== WHAT NEEDS TO BE DONE ==
Images are to be excluded, and the rest of the data repeated exactly.
= = = =
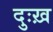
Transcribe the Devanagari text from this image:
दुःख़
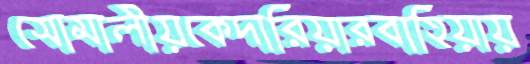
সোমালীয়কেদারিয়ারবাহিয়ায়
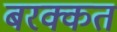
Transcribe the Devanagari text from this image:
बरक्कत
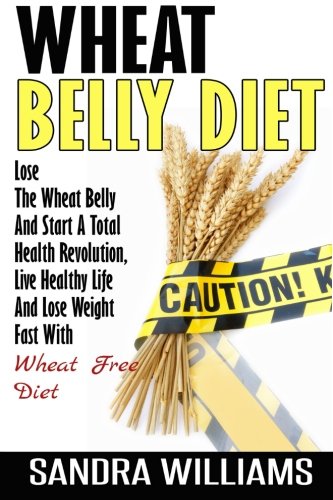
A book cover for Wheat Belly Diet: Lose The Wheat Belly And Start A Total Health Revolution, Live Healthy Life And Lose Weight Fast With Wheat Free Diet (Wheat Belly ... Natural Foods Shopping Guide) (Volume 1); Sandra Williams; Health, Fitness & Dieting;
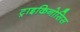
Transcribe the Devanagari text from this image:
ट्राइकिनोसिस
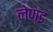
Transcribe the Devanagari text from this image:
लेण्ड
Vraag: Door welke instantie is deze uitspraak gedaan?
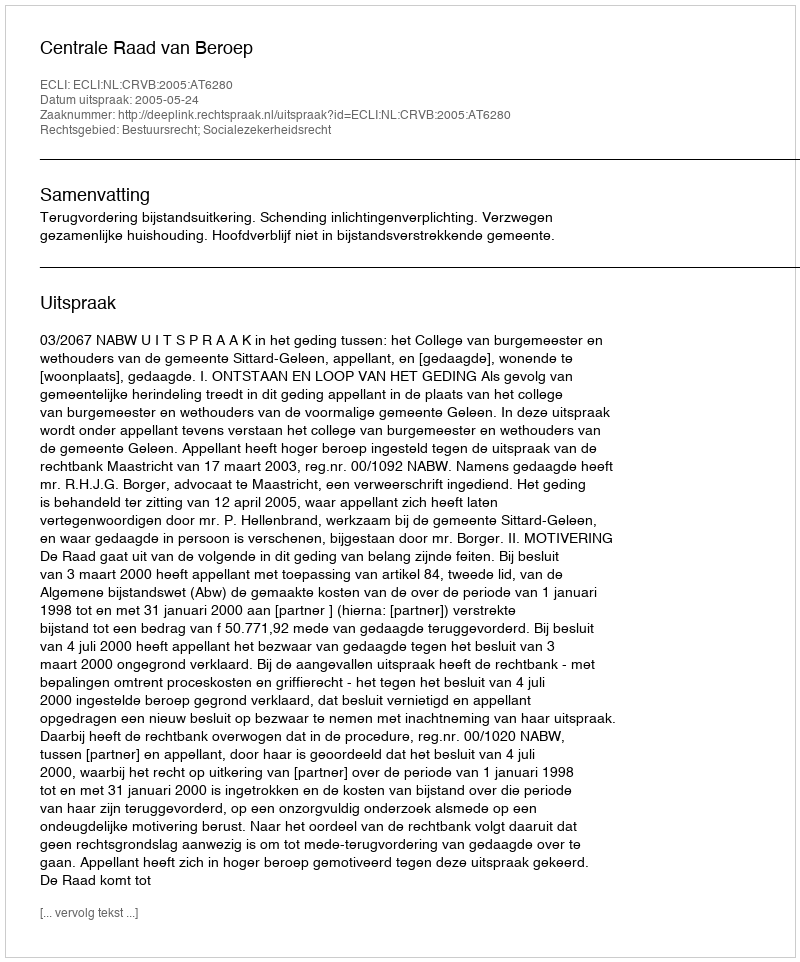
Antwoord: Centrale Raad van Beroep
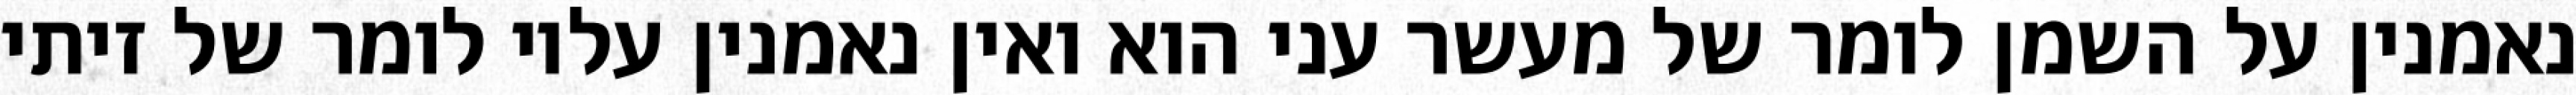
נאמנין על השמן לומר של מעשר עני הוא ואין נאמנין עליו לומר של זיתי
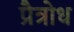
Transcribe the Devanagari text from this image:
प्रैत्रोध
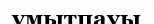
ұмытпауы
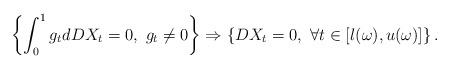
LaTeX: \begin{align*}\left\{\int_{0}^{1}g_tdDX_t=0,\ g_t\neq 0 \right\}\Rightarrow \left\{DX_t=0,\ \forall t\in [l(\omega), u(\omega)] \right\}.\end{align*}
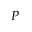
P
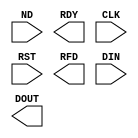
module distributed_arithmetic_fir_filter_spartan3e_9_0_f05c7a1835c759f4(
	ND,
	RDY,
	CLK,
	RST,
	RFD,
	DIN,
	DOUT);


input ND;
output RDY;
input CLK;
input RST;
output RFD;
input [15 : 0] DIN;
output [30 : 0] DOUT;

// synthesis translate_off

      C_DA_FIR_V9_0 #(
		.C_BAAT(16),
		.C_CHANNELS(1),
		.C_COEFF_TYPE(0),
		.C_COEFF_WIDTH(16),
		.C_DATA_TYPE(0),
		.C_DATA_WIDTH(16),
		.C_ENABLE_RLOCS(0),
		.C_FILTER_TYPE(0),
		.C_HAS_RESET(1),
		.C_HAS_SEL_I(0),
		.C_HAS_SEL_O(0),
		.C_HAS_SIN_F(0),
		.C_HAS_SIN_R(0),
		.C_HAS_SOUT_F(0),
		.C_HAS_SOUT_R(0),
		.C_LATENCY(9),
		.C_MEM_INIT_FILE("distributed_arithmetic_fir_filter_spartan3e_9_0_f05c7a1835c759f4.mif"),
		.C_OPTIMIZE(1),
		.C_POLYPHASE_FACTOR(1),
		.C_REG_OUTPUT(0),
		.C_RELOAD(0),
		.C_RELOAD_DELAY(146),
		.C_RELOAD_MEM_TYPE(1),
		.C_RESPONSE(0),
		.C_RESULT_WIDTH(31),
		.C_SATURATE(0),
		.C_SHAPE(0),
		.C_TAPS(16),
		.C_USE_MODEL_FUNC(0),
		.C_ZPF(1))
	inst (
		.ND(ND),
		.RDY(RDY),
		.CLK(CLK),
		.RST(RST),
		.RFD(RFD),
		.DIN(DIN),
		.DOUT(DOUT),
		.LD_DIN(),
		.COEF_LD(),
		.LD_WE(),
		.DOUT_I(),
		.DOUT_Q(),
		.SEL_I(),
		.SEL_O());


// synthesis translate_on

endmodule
= = = =
== RESPONSE ==
Transcribe the Devanagari text from this image:
दुःख़
সোমালীয়কেদারিয়ারবাহিয়ায়
Transcribe the Devanagari text from this image:
बरक्कत
A book cover for Wheat Belly Diet: Lose The Wheat Belly And Start A Total Health Revolution, Live Healthy Life And Lose Weight Fast With Wheat Free Diet (Wheat Belly ... Natural Foods Shopping Guide) (Volume 1); Sandra Williams; Health, Fitness & Dieting;
Transcribe the Devanagari text from this image:
ट्राइकिनोसिस
Transcribe the Devanagari text from this image:
लेण्ड
Vraag: Door welke instantie is deze uitspraak gedaan?
Antwoord: Centrale Raad van Beroep
נאמנין על השמן לומר של מעשר עני הוא ואין נאמנין עליו לומר של זיתי
Transcribe the Devanagari text from this image:
प्रैत्रोध
ұмытпауы
LaTeX: \begin{align*}\left\{\int_{0}^{1}g_tdDX_t=0,\ g_t\neq 0 \right\}\Rightarrow \left\{DX_t=0,\ \forall t\in [l(\omega), u(\omega)] \right\}.\end{align*}
P
module distributed_arithmetic_fir_filter_spartan3e_9_0_f05c7a1835c759f4(
	ND,
	RDY,
	CLK,
	RST,
	RFD,
	DIN,
	DOUT);


input ND;
output RDY;
input CLK;
input RST;
output RFD;
input [15 : 0] DIN;
output [30 : 0] DOUT;

// synthesis translate_off

      C_DA_FIR_V9_0 #(
		.C_BAAT(16),
		.C_CHANNELS(1),
		.C_COEFF_TYPE(0),
		.C_COEFF_WIDTH(16),
		.C_DATA_TYPE(0),
		.C_DATA_WIDTH(16),
		.C_ENABLE_RLOCS(0),
		.C_FILTER_TYPE(0),
		.C_HAS_RESET(1),
		.C_HAS_SEL_I(0),
		.C_HAS_SEL_O(0),
		.C_HAS_SIN_F(0),
		.C_HAS_SIN_R(0),
		.C_HAS_SOUT_F(0),
		.C_HAS_SOUT_R(0),
		.C_LATENCY(9),
		.C_MEM_INIT_FILE("distributed_arithmetic_fir_filter_spartan3e_9_0_f05c7a1835c759f4.mif"),
		.C_OPTIMIZE(1),
		.C_POLYPHASE_FACTOR(1),
		.C_REG_OUTPUT(0),
		.C_RELOAD(0),
		.C_RELOAD_DELAY(146),
		.C_RELOAD_MEM_TYPE(1),
		.C_RESPONSE(0),
		.C_RESULT_WIDTH(31),
		.C_SATURATE(0),
		.C_SHAPE(0),
		.C_TAPS(16),
		.C_USE_MODEL_FUNC(0),
		.C_ZPF(1))
	inst (
		.ND(ND),
		.RDY(RDY),
		.CLK(CLK),
		.RST(RST),
		.RFD(RFD),
		.DIN(DIN),
		.DOUT(DOUT),
		.LD_DIN(),
		.COEF_LD(),
		.LD_WE(),
		.DOUT_I(),
		.DOUT_Q(),
		.SEL_I(),
		.SEL_O());


// synthesis translate_on

endmodule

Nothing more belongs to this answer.